Chinese regulators hit e-commerce giant Alibaba with a record 18.2 billion yuan ($2.78 billion) fine yesterday over practices deemed to be an abuse of the company’s dominant market position. Alibaba, the Jack Ma-founded Chinese e-commerce leader and one of the world’s most valuable companies, said it accepted the penalty and pledged to outline plans tomorrow for bringing its operations in compliance. The fine appeared to cap a government crackdown on major Chinese tech platforms, and Alibaba in particular, over allegations of anti-competitive behavior and misuse of consumer data.
The State Administration for Market Regulation said it assessed the fine after concluding an investigation into Alibaba that began in December. The probe centred on Alibaba’s practice of forbidding merchants who wish to sell their wares on its popular online marketplaces from simultaneously offering them on rival e-commerce sites. “Since 2015, Alibaba Group has abused its dominant position in the market” with the exclusivity requirement, the regulator said. The requirement harmed competition, innovation, and the interests of merchants and consumers, it added.
The fine was a record and nearly three times the almost $1 billion levied against Qualcomm in 2015, Bloomberg said. The size of the penalty was determined after the market watchdog decided to fine Alibaba four percent of its 2019 sales of 455.7 billion yuan.
Shortly after the decision was announced Alibaba issued a contrite statement that used many of the government’s recent talking points on the issue, pledging to make changes to safeguard fair competition. “We accept the penalty with sincerity and will ensure our compliance with determination,” it said.
The company added that it would hold a conference call with investors on Monday to share its “thoughts and plans for the long-term healthy development of our business in the future.” “We are committed to ensuring an operating environment for our merchants and partners that is more open, more equitable, more efficient and more inclusive in sharing the fruits of growth,” it said.

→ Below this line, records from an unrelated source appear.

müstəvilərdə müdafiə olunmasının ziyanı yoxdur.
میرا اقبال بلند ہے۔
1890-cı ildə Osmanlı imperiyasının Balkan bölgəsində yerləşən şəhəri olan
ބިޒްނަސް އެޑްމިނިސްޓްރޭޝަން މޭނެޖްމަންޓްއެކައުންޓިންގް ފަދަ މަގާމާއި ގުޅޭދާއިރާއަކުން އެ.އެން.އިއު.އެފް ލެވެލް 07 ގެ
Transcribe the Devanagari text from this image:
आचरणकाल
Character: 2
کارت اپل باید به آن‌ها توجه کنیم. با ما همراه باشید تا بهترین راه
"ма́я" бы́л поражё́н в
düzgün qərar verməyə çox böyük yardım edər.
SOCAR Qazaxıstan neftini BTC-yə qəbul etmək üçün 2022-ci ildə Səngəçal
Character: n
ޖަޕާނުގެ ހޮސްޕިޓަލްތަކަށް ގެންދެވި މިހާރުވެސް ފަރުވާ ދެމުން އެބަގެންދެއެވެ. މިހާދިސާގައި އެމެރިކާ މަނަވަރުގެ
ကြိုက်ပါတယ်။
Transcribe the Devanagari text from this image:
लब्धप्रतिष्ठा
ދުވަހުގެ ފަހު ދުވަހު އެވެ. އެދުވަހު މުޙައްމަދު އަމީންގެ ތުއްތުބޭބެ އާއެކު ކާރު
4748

E-commerce giants Alibaba and JD.com, along with messaging-and-gaming colossus Tencent, became hugely profitable on the back of growing Chinese digital lifestyles and government restrictions on major US competitors in the domestic market. But as the platforms amassed hundreds of millions of regular users, concern has risen over their influence in China, where tech-savvy consumers use them to communicate, shop, pay bills, book taxis, take out loans and perform a range of other daily tasks.
Alibaba has faced special scrutiny after Ma publicly criticized Chinese regulators in October as being stuck in the past after they expressed growing concern over the push into online lending, wealth management and insurance products by Alibaba’s online-payments arm, Ant Group. The government has in recent years sought to rein in runaway personal debt and chaotic lending, and upstart Ant’s growing profile-and Ma’s rare public criticism-have been widely viewed as a challenge to vested interests in the country’s state-dominated financial sphere.
The government campaign against its tech giants reflects the growing global unease with the clout wielded by Big Tech and which has Facebook, Google and others also facing scrutiny at home and abroad. Even before yesterday’s announcement, the Chinese crackdown had already cost Alibaba and Ma dearly.
A planned record-shattering $35 billion Hong Kong-Shanghai IPO by Ant Group, which would have added to Ma’s already massive wealth, was abruptly shelved. Ma subsequently disappeared from public view for weeks, and Ant Group was ordered by regulators to return to its roots as an online payment services provider. Shares of major tech players have suffered amid fears of further fines and restrictions. The Wall Street Journal reported last month that Alibaba was also being pushed to shed wide-ranging media assets, including a potential sale of Hong Kong’s South China Morning Post.